YOUR ASSIGNMENT. Your task is to repeat all of the data exactly while excluding the pictures.

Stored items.
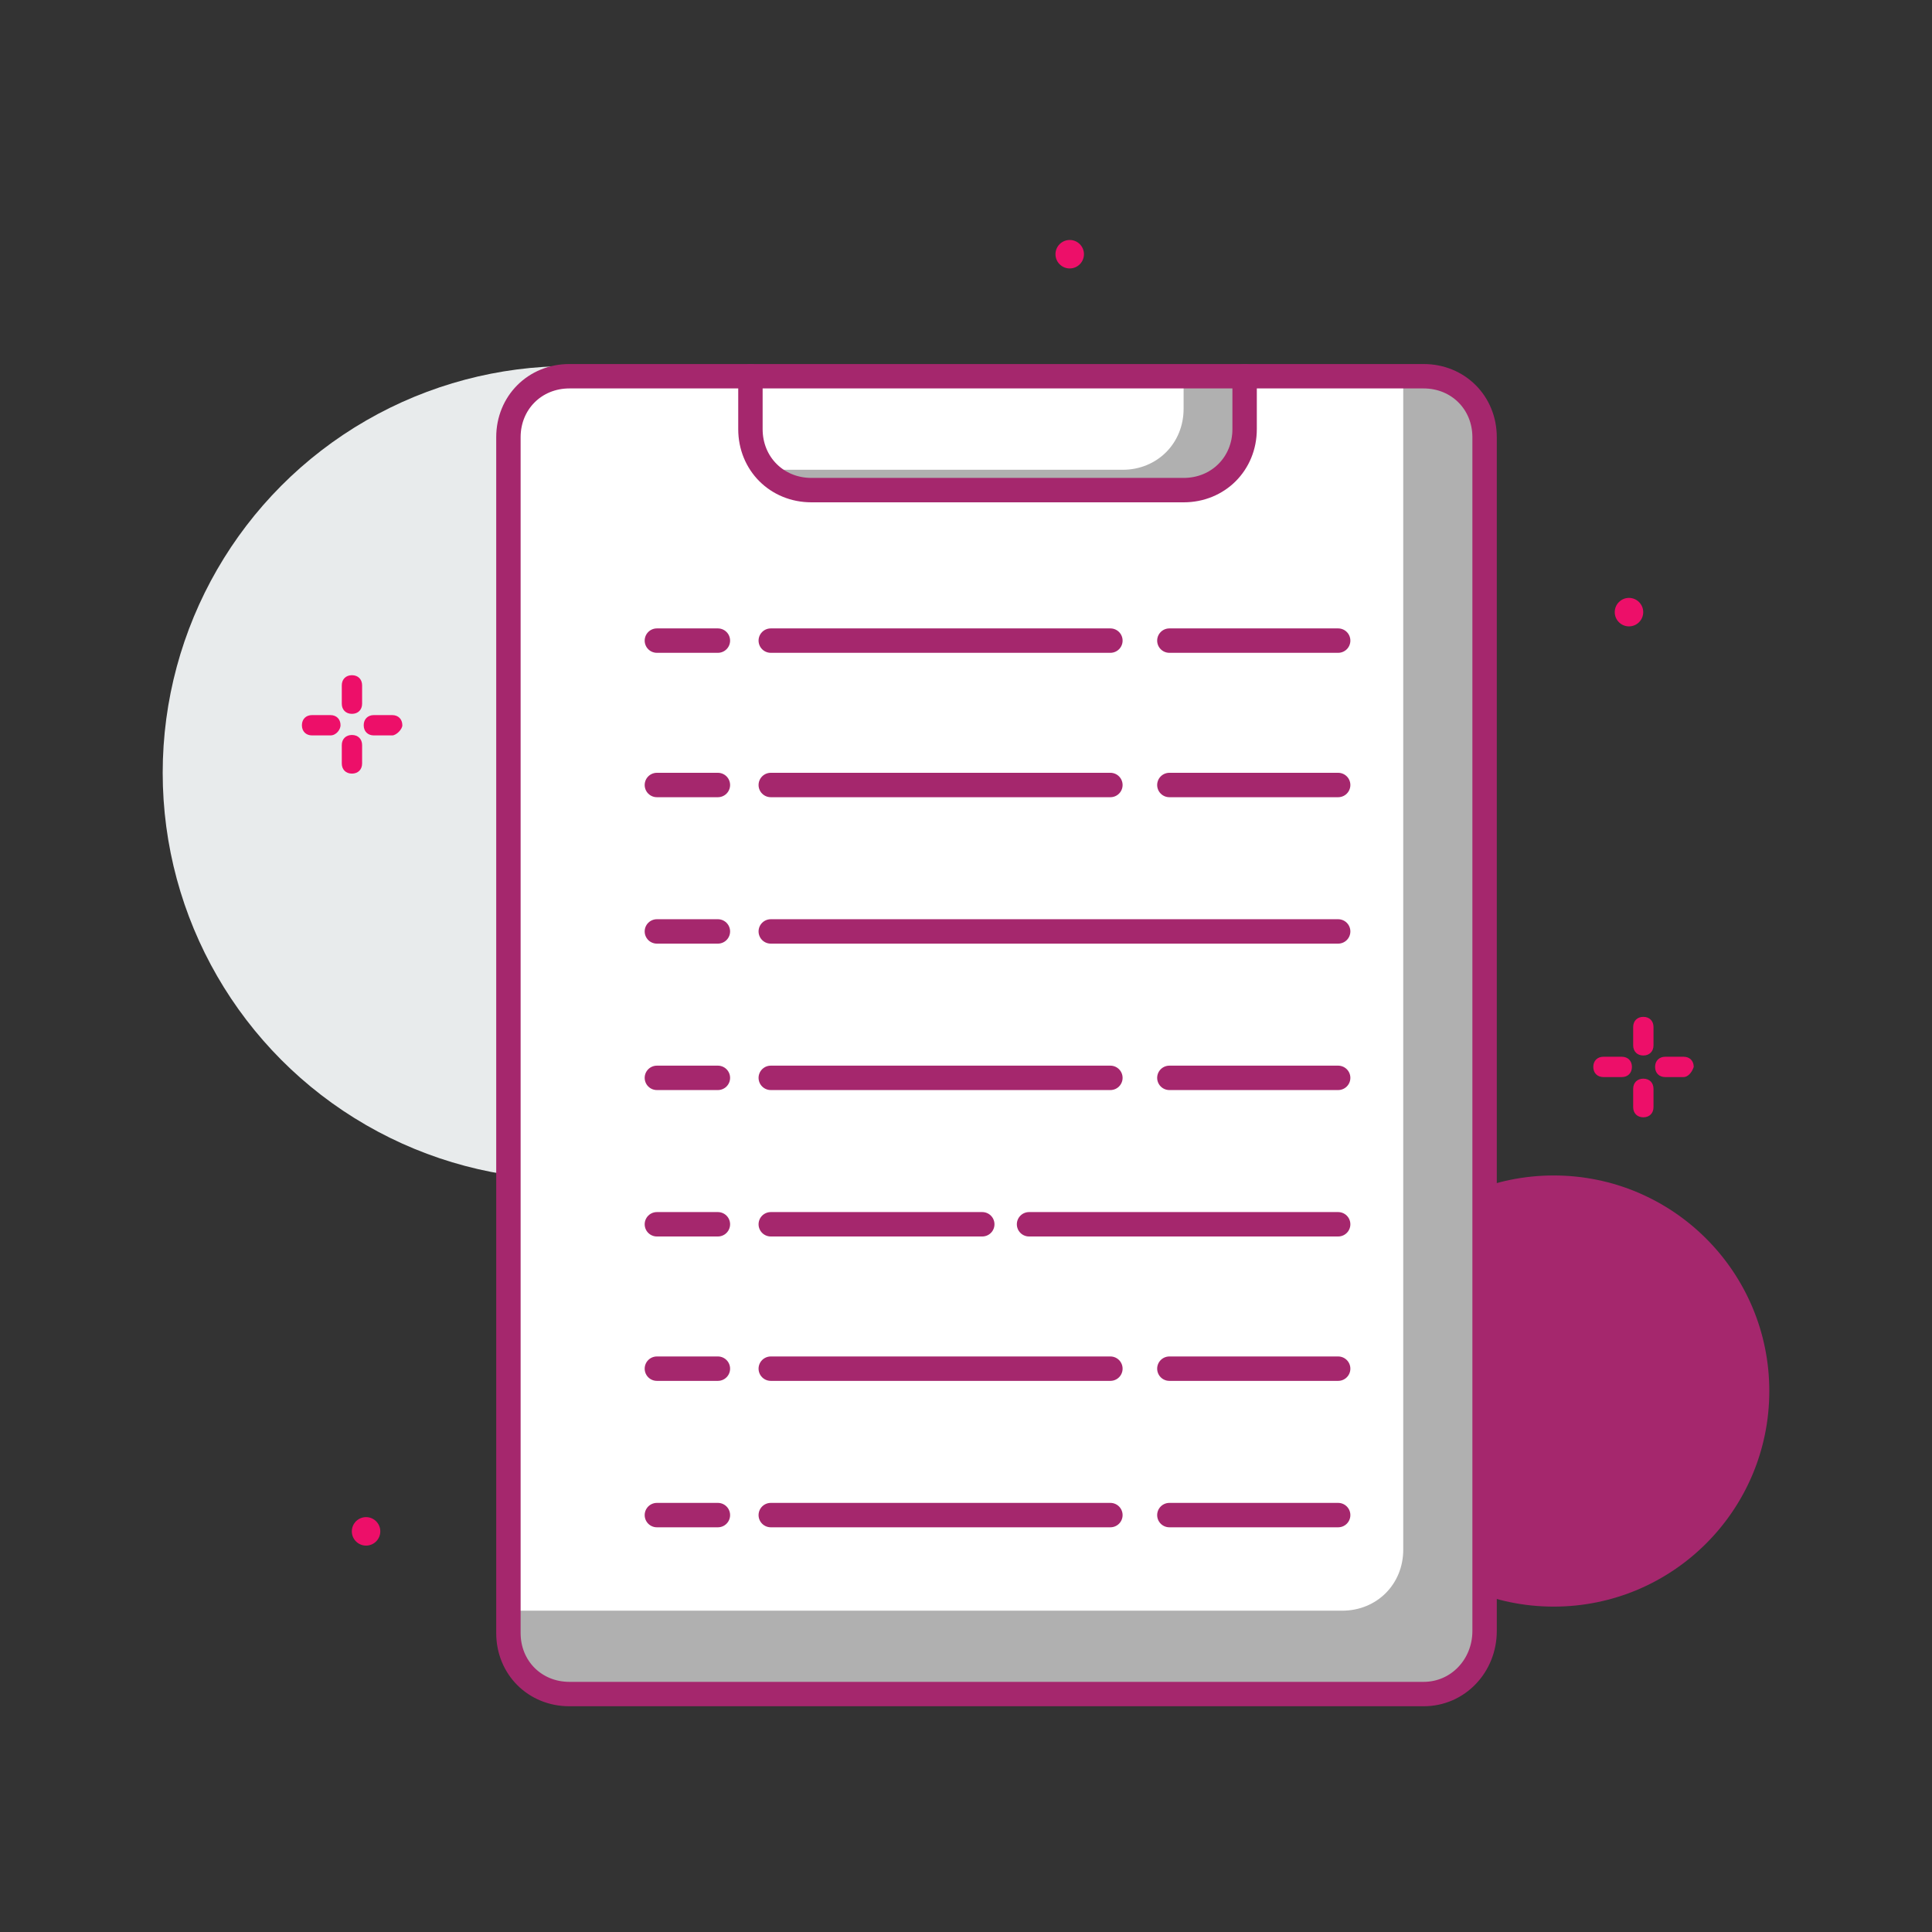 <?xml version="1.0" encoding="utf-8"?>
<!-- Generator: Adobe Illustrator 23.0.1, SVG Export Plug-In . SVG Version: 6.00 Build 0)  -->
<svg version="1.1" id="Layer_1" xmlns="http://www.w3.org/2000/svg" xmlns:xlink="http://www.w3.org/1999/xlink" x="0px" y="0px"
	 viewBox="0 0 95 95" style="enable-background:new 0 0 95 95;" xml:space="preserve">
<rect x="0" y="0" width="95" height="95" fill="#333333" stroke="none"/>
<style type="text/css">
	.st0{fill:#A5276D;}
	.st1{fill:#E8EBEC;}
	.st2{fill:#FFFFFF;}
	.st3{fill:#B0B0B0;}
	.st4{fill:#ED0F69;}
	.st5{fill:none;stroke:#A5276D;stroke-width:1.2;stroke-linecap:round;stroke-linejoin:round;}
</style>
<g>
	<g>
		<circle class="st0" cx="76.4" cy="68.4" r="10.6"/>
	</g>
	<g>
		<circle class="st1" cx="28" cy="38" r="20"/>
	</g>
	<path class="st2" d="M70,83.3H28c-1.7,0-3-1.3-3-3V21.5c0-1.7,1.3-3,3-3h42c1.7,0,3,1.3,3,3v58.7C73,81.9,71.7,83.3,70,83.3z"/>
	<path class="st3" d="M70,18.5h-1v57.7c0,1.7-1.3,3-3,3H25v1c0,1.7,1.3,3,3,3h42c1.7,0,3-1.3,3-3V21.5C73,19.9,71.7,18.5,70,18.5z"
		/>
	<g id="Group_2200_6_" transform="translate(144.045 124.401)">
		<g id="Group_1842-4_6_" transform="translate(0 3.861)">
			<path id="Path_1768-4_6_" class="st4" d="M-127.8-92.1h-0.9c-0.3,0-0.5-0.2-0.5-0.5c0-0.3,0.2-0.5,0.5-0.5h0.9
				c0.3,0,0.5,0.2,0.5,0.5C-127.3-92.4-127.5-92.1-127.8-92.1z"/>
		</g>
		<g id="Group_1843-4_6_" transform="translate(5.939 3.861)">
			<path id="Path_1769-4_6_" class="st4" d="M-130.7-92.1h-0.9c-0.3,0-0.5-0.2-0.5-0.5c0-0.3,0.2-0.5,0.5-0.5h0.9
				c0.3,0,0.5,0.2,0.5,0.5C-130.2-92.4-130.5-92.1-130.7-92.1z"/>
		</g>
		<g id="Group_1844-4_6_" transform="translate(3.861 5.939)">
			<path id="Path_1770-4_6_" class="st4" d="M-130.6-92.3c-0.3,0-0.5-0.2-0.5-0.5v-0.9c0-0.3,0.2-0.5,0.5-0.5c0.3,0,0.5,0.2,0.5,0.5
				v0.9C-130.1-92.5-130.3-92.3-130.6-92.3z"/>
		</g>
		<g id="Group_1845-4_6_" transform="translate(3.861)">
			<path id="Path_1771-4_6_" class="st4" d="M-130.6-89.3c-0.3,0-0.5-0.2-0.5-0.5v-0.9c0-0.3,0.2-0.5,0.5-0.5c0.3,0,0.5,0.2,0.5,0.5
				v0.9C-130.1-89.5-130.3-89.3-130.6-89.3z"/>
		</g>
	</g>
	<g id="Group_2200_7_" transform="translate(144.045 124.401)">
		<g id="Group_1842-4_7_" transform="translate(0 3.861)">
			<path id="Path_1768-4_7_" class="st4" d="M-64.3-75.3h-0.9c-0.3,0-0.5-0.2-0.5-0.5c0-0.3,0.2-0.5,0.5-0.5h0.9
				c0.3,0,0.5,0.2,0.5,0.5C-63.8-75.5-64-75.3-64.3-75.3z"/>
		</g>
		<g id="Group_1843-4_7_" transform="translate(5.939 3.861)">
			<path id="Path_1769-4_7_" class="st4" d="M-67.2-75.3h-0.9c-0.3,0-0.5-0.2-0.5-0.5c0-0.3,0.2-0.5,0.5-0.5h0.9
				c0.3,0,0.5,0.2,0.5,0.5C-66.8-75.5-67-75.3-67.2-75.3z"/>
		</g>
		<g id="Group_1844-4_7_" transform="translate(3.861 5.939)">
			<path id="Path_1770-4_7_" class="st4" d="M-67.1-75.4c-0.3,0-0.5-0.2-0.5-0.5v-0.9c0-0.3,0.2-0.5,0.5-0.5c0.3,0,0.5,0.2,0.5,0.5
				v0.9C-66.6-75.6-66.8-75.4-67.1-75.4z"/>
		</g>
		<g id="Group_1845-4_7_" transform="translate(3.861)">
			<path id="Path_1771-4_7_" class="st4" d="M-67.1-72.5c-0.3,0-0.5-0.2-0.5-0.5v-0.9c0-0.3,0.2-0.5,0.5-0.5c0.3,0,0.5,0.2,0.5,0.5
				v0.9C-66.6-72.7-66.8-72.5-67.1-72.5z"/>
		</g>
	</g>
	<circle id="Ellipse_381_8_" class="st4" cx="80.1" cy="30.1" r="0.7"/>
	<circle id="Ellipse_381_6_" class="st4" cx="18" cy="75.3" r="0.7"/>
	<circle id="Ellipse_381_7_" class="st4" cx="52.6" cy="12.5" r="0.7"/>
	<path class="st3" d="M58.2,18.5v1.6c0,1.7-1.3,3-3,3H37.7c0.5,0.6,1.3,1,2.2,1h18.3c1.7,0,3-1.3,3-3v-2.6H58.2z"/>
	<path class="st5" d="M70,83.3H28c-1.7,0-3-1.3-3-3V21.5c0-1.7,1.3-3,3-3h42c1.7,0,3,1.3,3,3v58.7C73,81.9,71.7,83.3,70,83.3z"/>
	<path class="st5" d="M61.2,18.5v2.6c0,1.7-1.3,3-3,3H39.9c-1.7,0-3-1.3-3-3v-2.6"/>
	<g>
		<g>
			<line class="st5" x1="32.3" y1="31.5" x2="35.3" y2="31.5"/>
			<line class="st5" x1="37.9" y1="31.5" x2="54.6" y2="31.5"/>
			<line class="st5" x1="57.5" y1="31.5" x2="65.8" y2="31.5"/>
		</g>
		<g>
			<line class="st5" x1="32.3" y1="38.6" x2="35.3" y2="38.6"/>
			<line class="st5" x1="37.9" y1="38.6" x2="54.6" y2="38.6"/>
			<line class="st5" x1="57.5" y1="38.6" x2="65.8" y2="38.6"/>
		</g>
		<g>
			<line class="st5" x1="32.3" y1="45.8" x2="35.3" y2="45.8"/>
			<line class="st5" x1="37.9" y1="45.8" x2="65.8" y2="45.8"/>
		</g>
		<g>
			<line class="st5" x1="32.3" y1="53" x2="35.3" y2="53"/>
			<line class="st5" x1="37.9" y1="53" x2="54.6" y2="53"/>
			<line class="st5" x1="57.5" y1="53" x2="65.8" y2="53"/>
		</g>
		<g>
			<line class="st5" x1="32.3" y1="60.2" x2="35.3" y2="60.2"/>
			<line class="st5" x1="37.9" y1="60.2" x2="48.3" y2="60.2"/>
			<line class="st5" x1="50.6" y1="60.2" x2="65.8" y2="60.2"/>
		</g>
		<g>
			<line class="st5" x1="32.3" y1="67.3" x2="35.3" y2="67.3"/>
			<line class="st5" x1="37.9" y1="67.3" x2="54.6" y2="67.3"/>
			<line class="st5" x1="57.5" y1="67.3" x2="65.8" y2="67.3"/>
		</g>
		<g>
			<line class="st5" x1="32.3" y1="74.5" x2="35.3" y2="74.5"/>
			<line class="st5" x1="37.9" y1="74.5" x2="54.6" y2="74.5"/>
			<line class="st5" x1="57.5" y1="74.5" x2="65.8" y2="74.5"/>
		</g>
	</g>
</g>
</svg>

FINISHED EXERCISE.
 <?xml version="1.0" encoding="utf-8"?>
<!-- Generator: Adobe Illustrator 23.0.1, SVG Export Plug-In . SVG Version: 6.00 Build 0)  -->
<svg version="1.1" id="Layer_1" xmlns="http://www.w3.org/2000/svg" xmlns:xlink="http://www.w3.org/1999/xlink" x="0px" y="0px"
	 viewBox="0 0 95 95" style="enable-background:new 0 0 95 95;" xml:space="preserve">
<rect x="0" y="0" width="95" height="95" fill="#333333" stroke="none"/>
<style type="text/css">
	.st0{fill:#A5276D;}
	.st1{fill:#E8EBEC;}
	.st2{fill:#FFFFFF;}
	.st3{fill:#B0B0B0;}
	.st4{fill:#ED0F69;}
	.st5{fill:none;stroke:#A5276D;stroke-width:1.2;stroke-linecap:round;stroke-linejoin:round;}
</style>
<g>
	<g>
		<circle class="st0" cx="76.4" cy="68.4" r="10.6"/>
	</g>
	<g>
		<circle class="st1" cx="28" cy="38" r="20"/>
	</g>
	<path class="st2" d="M70,83.3H28c-1.7,0-3-1.3-3-3V21.5c0-1.7,1.3-3,3-3h42c1.7,0,3,1.3,3,3v58.7C73,81.9,71.7,83.3,70,83.3z"/>
	<path class="st3" d="M70,18.5h-1v57.7c0,1.7-1.3,3-3,3H25v1c0,1.7,1.3,3,3,3h42c1.7,0,3-1.3,3-3V21.5C73,19.9,71.7,18.5,70,18.5z"
		/>
	<g id="Group_2200_6_" transform="translate(144.045 124.401)">
		<g id="Group_1842-4_6_" transform="translate(0 3.861)">
			<path id="Path_1768-4_6_" class="st4" d="M-127.8-92.1h-0.9c-0.3,0-0.5-0.2-0.5-0.5c0-0.3,0.2-0.5,0.5-0.5h0.9
				c0.3,0,0.5,0.2,0.5,0.5C-127.3-92.4-127.5-92.1-127.8-92.1z"/>
		</g>
		<g id="Group_1843-4_6_" transform="translate(5.939 3.861)">
			<path id="Path_1769-4_6_" class="st4" d="M-130.7-92.1h-0.9c-0.3,0-0.5-0.2-0.5-0.5c0-0.3,0.2-0.5,0.5-0.5h0.9
				c0.3,0,0.5,0.2,0.5,0.5C-130.2-92.4-130.5-92.1-130.7-92.1z"/>
		</g>
		<g id="Group_1844-4_6_" transform="translate(3.861 5.939)">
			<path id="Path_1770-4_6_" class="st4" d="M-130.6-92.3c-0.3,0-0.5-0.2-0.5-0.5v-0.9c0-0.3,0.2-0.5,0.5-0.5c0.3,0,0.5,0.2,0.5,0.5
				v0.9C-130.1-92.5-130.3-92.3-130.6-92.3z"/>
		</g>
		<g id="Group_1845-4_6_" transform="translate(3.861)">
			<path id="Path_1771-4_6_" class="st4" d="M-130.6-89.3c-0.3,0-0.5-0.2-0.5-0.5v-0.9c0-0.3,0.2-0.5,0.5-0.5c0.3,0,0.5,0.2,0.5,0.5
				v0.9C-130.1-89.5-130.3-89.3-130.6-89.3z"/>
		</g>
	</g>
	<g id="Group_2200_7_" transform="translate(144.045 124.401)">
		<g id="Group_1842-4_7_" transform="translate(0 3.861)">
			<path id="Path_1768-4_7_" class="st4" d="M-64.3-75.3h-0.9c-0.3,0-0.5-0.2-0.5-0.5c0-0.3,0.2-0.5,0.5-0.5h0.9
				c0.3,0,0.5,0.2,0.5,0.5C-63.8-75.5-64-75.3-64.3-75.3z"/>
		</g>
		<g id="Group_1843-4_7_" transform="translate(5.939 3.861)">
			<path id="Path_1769-4_7_" class="st4" d="M-67.2-75.3h-0.9c-0.3,0-0.5-0.2-0.5-0.5c0-0.3,0.2-0.5,0.5-0.5h0.9
				c0.3,0,0.5,0.2,0.5,0.5C-66.8-75.5-67-75.3-67.2-75.3z"/>
		</g>
		<g id="Group_1844-4_7_" transform="translate(3.861 5.939)">
			<path id="Path_1770-4_7_" class="st4" d="M-67.1-75.4c-0.3,0-0.5-0.2-0.5-0.5v-0.9c0-0.3,0.2-0.5,0.5-0.5c0.3,0,0.5,0.2,0.5,0.5
				v0.9C-66.6-75.6-66.8-75.4-67.1-75.4z"/>
		</g>
		<g id="Group_1845-4_7_" transform="translate(3.861)">
			<path id="Path_1771-4_7_" class="st4" d="M-67.1-72.5c-0.3,0-0.5-0.2-0.5-0.5v-0.9c0-0.3,0.2-0.5,0.5-0.5c0.3,0,0.5,0.2,0.5,0.5
				v0.9C-66.6-72.7-66.8-72.5-67.1-72.5z"/>
		</g>
	</g>
	<circle id="Ellipse_381_8_" class="st4" cx="80.1" cy="30.1" r="0.7"/>
	<circle id="Ellipse_381_6_" class="st4" cx="18" cy="75.3" r="0.7"/>
	<circle id="Ellipse_381_7_" class="st4" cx="52.6" cy="12.5" r="0.7"/>
	<path class="st3" d="M58.2,18.5v1.6c0,1.7-1.3,3-3,3H37.7c0.5,0.6,1.3,1,2.2,1h18.3c1.7,0,3-1.3,3-3v-2.6H58.2z"/>
	<path class="st5" d="M70,83.3H28c-1.7,0-3-1.3-3-3V21.5c0-1.7,1.3-3,3-3h42c1.7,0,3,1.3,3,3v58.7C73,81.9,71.7,83.3,70,83.3z"/>
	<path class="st5" d="M61.2,18.5v2.6c0,1.7-1.3,3-3,3H39.9c-1.7,0-3-1.3-3-3v-2.6"/>
	<g>
		<g>
			<line class="st5" x1="32.3" y1="31.5" x2="35.3" y2="31.5"/>
			<line class="st5" x1="37.9" y1="31.5" x2="54.6" y2="31.5"/>
			<line class="st5" x1="57.5" y1="31.5" x2="65.8" y2="31.5"/>
		</g>
		<g>
			<line class="st5" x1="32.3" y1="38.6" x2="35.3" y2="38.6"/>
			<line class="st5" x1="37.9" y1="38.6" x2="54.6" y2="38.6"/>
			<line class="st5" x1="57.5" y1="38.6" x2="65.8" y2="38.6"/>
		</g>
		<g>
			<line class="st5" x1="32.3" y1="45.8" x2="35.3" y2="45.8"/>
			<line class="st5" x1="37.9" y1="45.8" x2="65.8" y2="45.8"/>
		</g>
		<g>
			<line class="st5" x1="32.3" y1="53" x2="35.3" y2="53"/>
			<line class="st5" x1="37.9" y1="53" x2="54.6" y2="53"/>
			<line class="st5" x1="57.5" y1="53" x2="65.8" y2="53"/>
		</g>
		<g>
			<line class="st5" x1="32.3" y1="60.2" x2="35.3" y2="60.2"/>
			<line class="st5" x1="37.9" y1="60.2" x2="48.3" y2="60.2"/>
			<line class="st5" x1="50.6" y1="60.2" x2="65.8" y2="60.2"/>
		</g>
		<g>
			<line class="st5" x1="32.3" y1="67.3" x2="35.3" y2="67.3"/>
			<line class="st5" x1="37.9" y1="67.3" x2="54.6" y2="67.3"/>
			<line class="st5" x1="57.5" y1="67.3" x2="65.8" y2="67.3"/>
		</g>
		<g>
			<line class="st5" x1="32.3" y1="74.5" x2="35.3" y2="74.5"/>
			<line class="st5" x1="37.9" y1="74.5" x2="54.6" y2="74.5"/>
			<line class="st5" x1="57.5" y1="74.5" x2="65.8" y2="74.5"/>
		</g>
	</g>
</g>
</svg>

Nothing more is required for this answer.